Exercise data
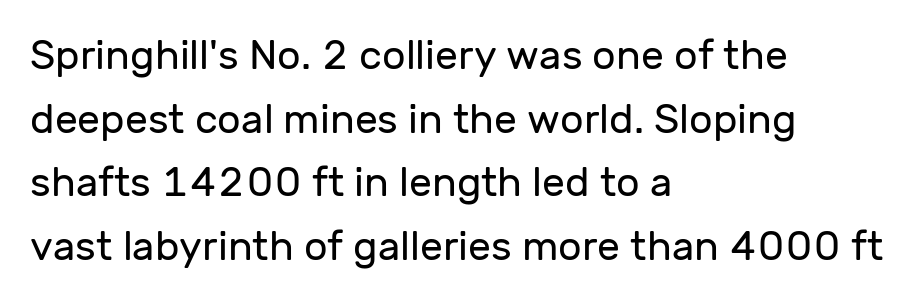
Q: Is the text bold? A: No.
Q: Is the text italic (slanted)? A: No, it is upright.
Q: Is the typeface a serif or a sans-serif typeface? A: Sans-serif.
Q: Is the text underlined? A: No.
Q: How is the paragraph aligned? A: Left-aligned.
Q: Is the spacing between letters normal or unusually wide? A: Normal.
Q: Is the spacing between lines tight, normal or loose? A: Normal.
Q: Width (condensed, normal, or wide)? A: Normal.
Q: Stroke contrast? A: Low.
Q: x-height? A: Medium.
Q: Monospaced? A: No.
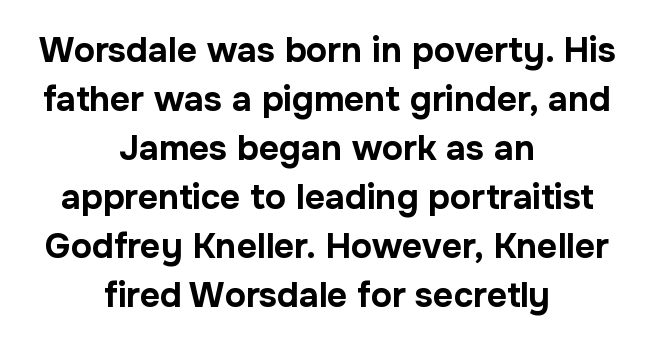
Q: Is the text bold? A: Yes.
Q: Is the text italic (slanted)? A: No, it is upright.
Q: Is the typeface a serif or a sans-serif typeface? A: Sans-serif.
Q: Is the text underlined? A: No.
Q: How is the paragraph aligned? A: Centered.
Q: Is the spacing between letters normal or unusually wide? A: Normal.
Q: Is the spacing between lines tight, normal or loose? A: Normal.
Q: Width (condensed, normal, or wide)? A: Normal.
Q: Stroke contrast? A: Low.
Q: x-height? A: Medium.
Q: Monospaced? A: No.

To do
The task calls for all lines in the entries that hold "paragraph".

Problem solution
Q: How is the paragraph aligned? A: Left-aligned.
Q: How is the paragraph aligned? A: Centered.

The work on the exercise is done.